#### [WHAT TO DO]
Omit the pictures, then write out every entry exactly as it reads.

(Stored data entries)
--------
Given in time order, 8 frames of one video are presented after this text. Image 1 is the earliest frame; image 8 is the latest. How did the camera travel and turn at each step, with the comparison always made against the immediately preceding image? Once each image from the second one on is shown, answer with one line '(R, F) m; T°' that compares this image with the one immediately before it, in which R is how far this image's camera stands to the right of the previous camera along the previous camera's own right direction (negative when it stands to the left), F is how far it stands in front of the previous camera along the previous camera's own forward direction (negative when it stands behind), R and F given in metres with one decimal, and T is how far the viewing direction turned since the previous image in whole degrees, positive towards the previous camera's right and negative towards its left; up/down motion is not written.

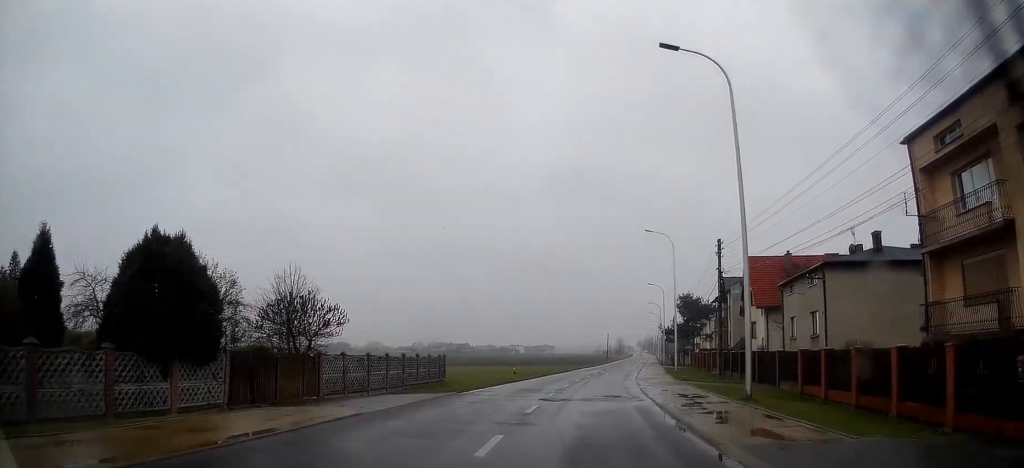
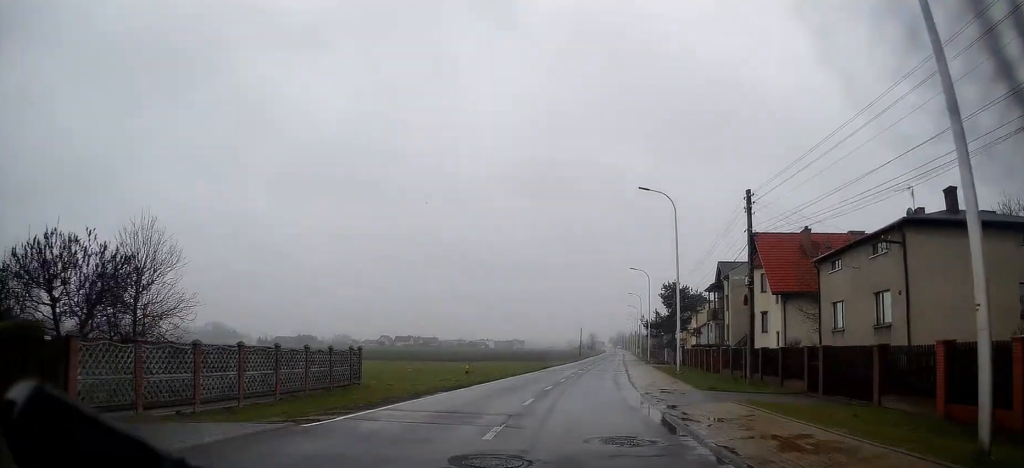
(+0.2, +10.8) m; +3°
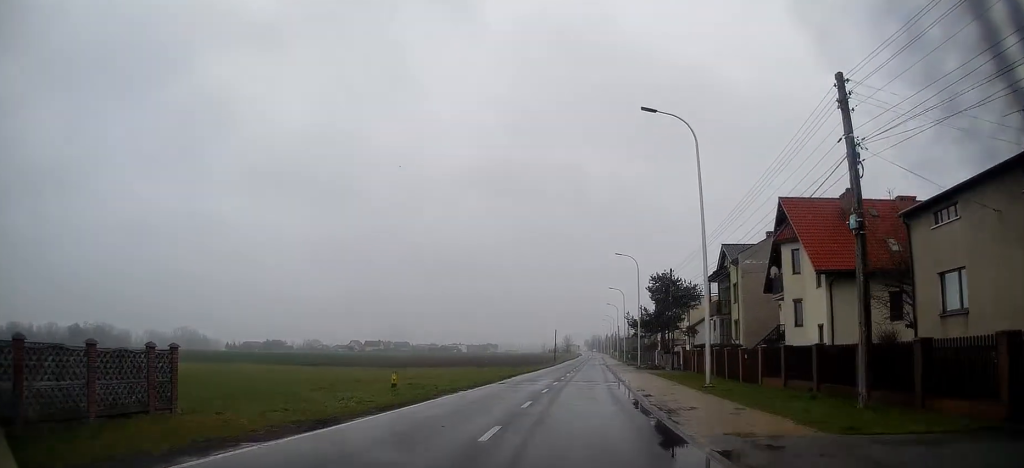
(+0.4, +11.7) m; +3°
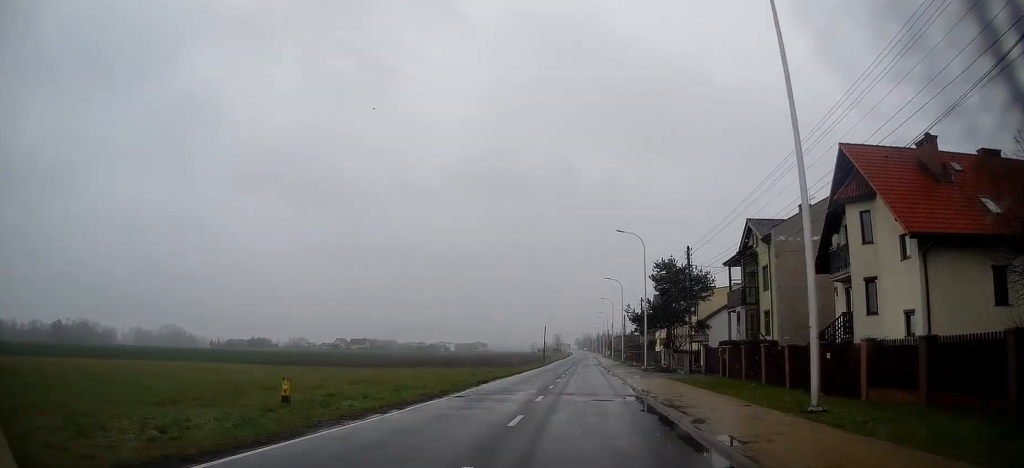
(+0.2, +10.1) m; 0°
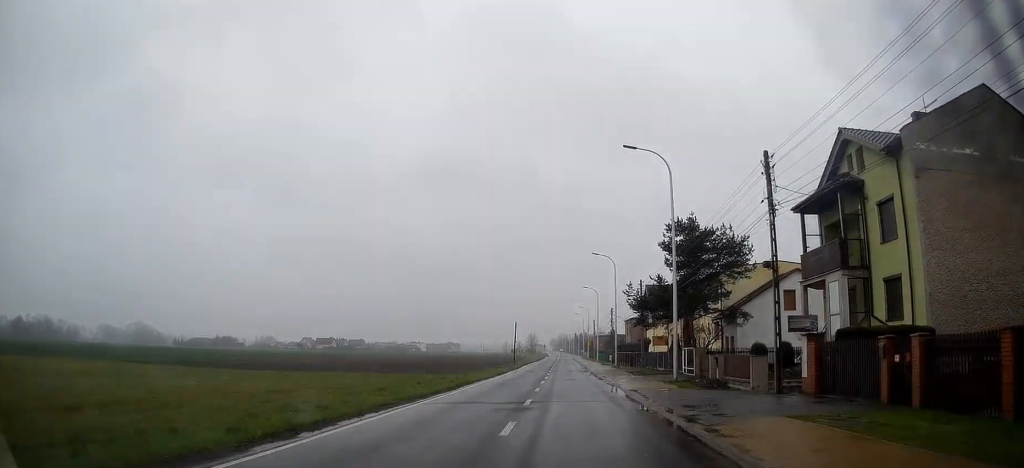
(0.0, +19.1) m; +1°
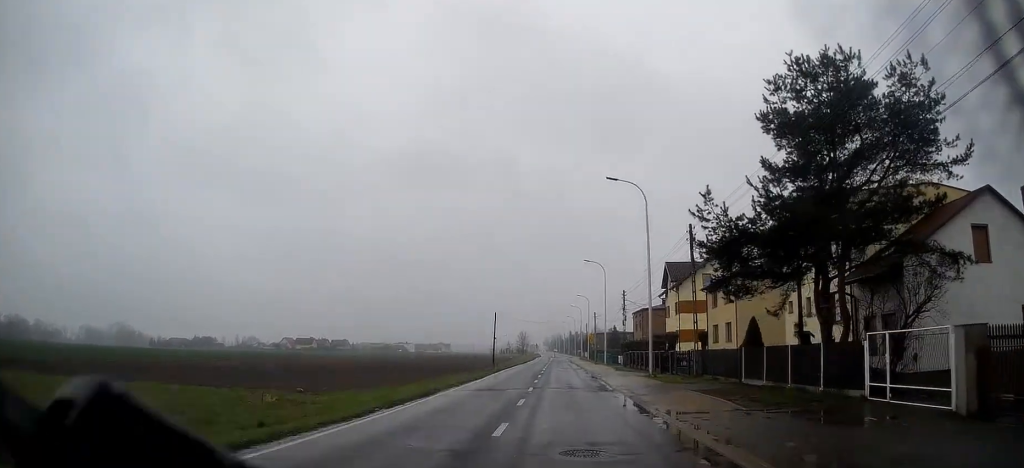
(+0.6, +23.3) m; +2°
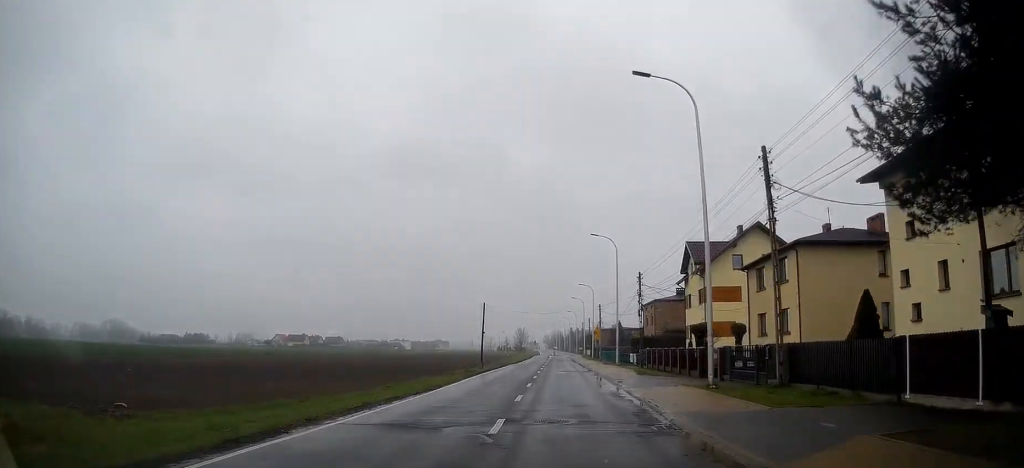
(0.0, +12.1) m; -1°
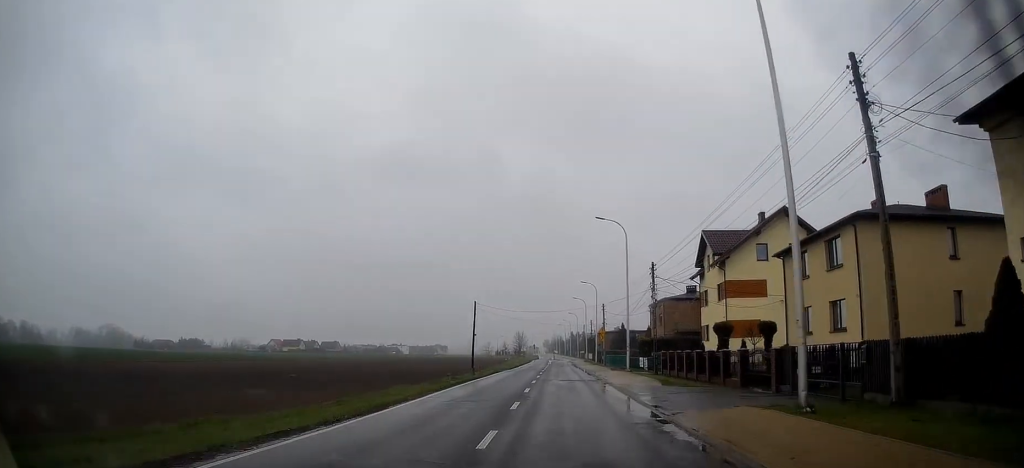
(-0.1, +7.2) m; 0°
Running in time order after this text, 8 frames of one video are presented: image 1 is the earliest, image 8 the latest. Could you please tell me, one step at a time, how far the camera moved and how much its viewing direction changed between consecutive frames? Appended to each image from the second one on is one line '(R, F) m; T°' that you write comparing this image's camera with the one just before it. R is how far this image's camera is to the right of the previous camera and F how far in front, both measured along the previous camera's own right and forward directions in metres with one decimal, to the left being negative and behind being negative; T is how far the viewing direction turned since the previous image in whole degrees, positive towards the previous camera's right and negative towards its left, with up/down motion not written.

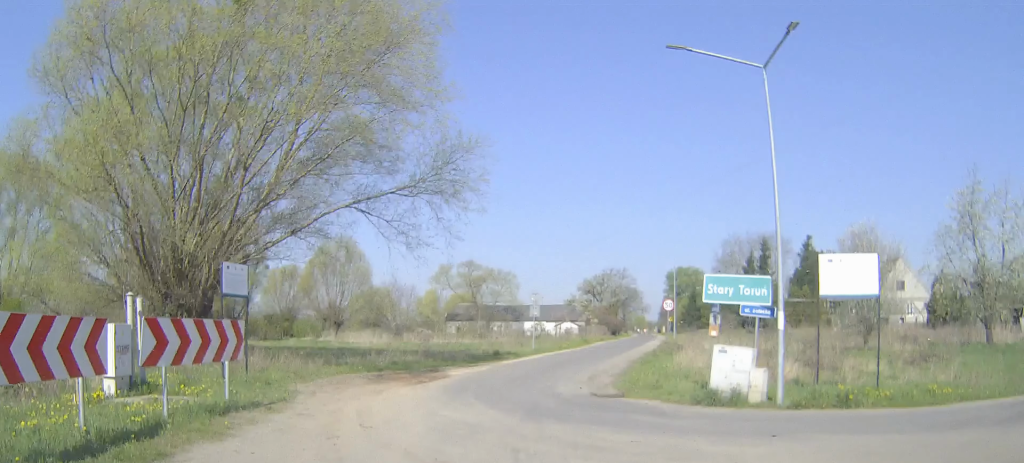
--------
#### [SOLUTION TO THIS TASK]
Given in time order, 8 frames of one video are presented after this text. Image 1 is the earliest frame; image 8 is the latest. How did the camera travel and turn at each step, with the comparison always made against the immediately preceding image? Once each image from the second one on is shown, answer with one line '(R, F) m; T°' that compares this image with the one immediately before it, in which R is how far this image's camera stands to the right of the previous camera along the previous camera's own right direction (negative when it stands to the left), F is how far it stands in front of the previous camera along the previous camera's own forward direction (negative when it stands behind), R and F given in metres with one decimal, and T is how far the viewing direction turned since the previous image in whole degrees, positive towards the previous camera's right and negative towards its left; up/down motion is not written.

(+0.2, +10.8) m; +3°
(+0.4, +11.7) m; +3°
(+0.2, +10.1) m; 0°
(0.0, +19.1) m; +1°
(+0.6, +23.3) m; +2°
(0.0, +12.1) m; -1°
(-0.1, +7.2) m; 0°
Running in time order after this text, 8 frames of one video are presented: image 1 is the earliest, image 8 the latest. Could you please tell me, one step at a time, how far the camera moved and how much its viewing direction changed between consecutive frames? Appended to each image from the second one on is one line '(R, F) m; T°' that you write comparing this image's camera with the one just before it. R is how far this image's camera is to the right of the previous camera and F how far in front, both measured along the previous camera's own right and forward directions in metres with one decimal, to the left being negative and behind being negative; T is how far the viewing direction turned since the previous image in whole degrees, positive towards the previous camera's right and negative towards its left, with up/down motion not written.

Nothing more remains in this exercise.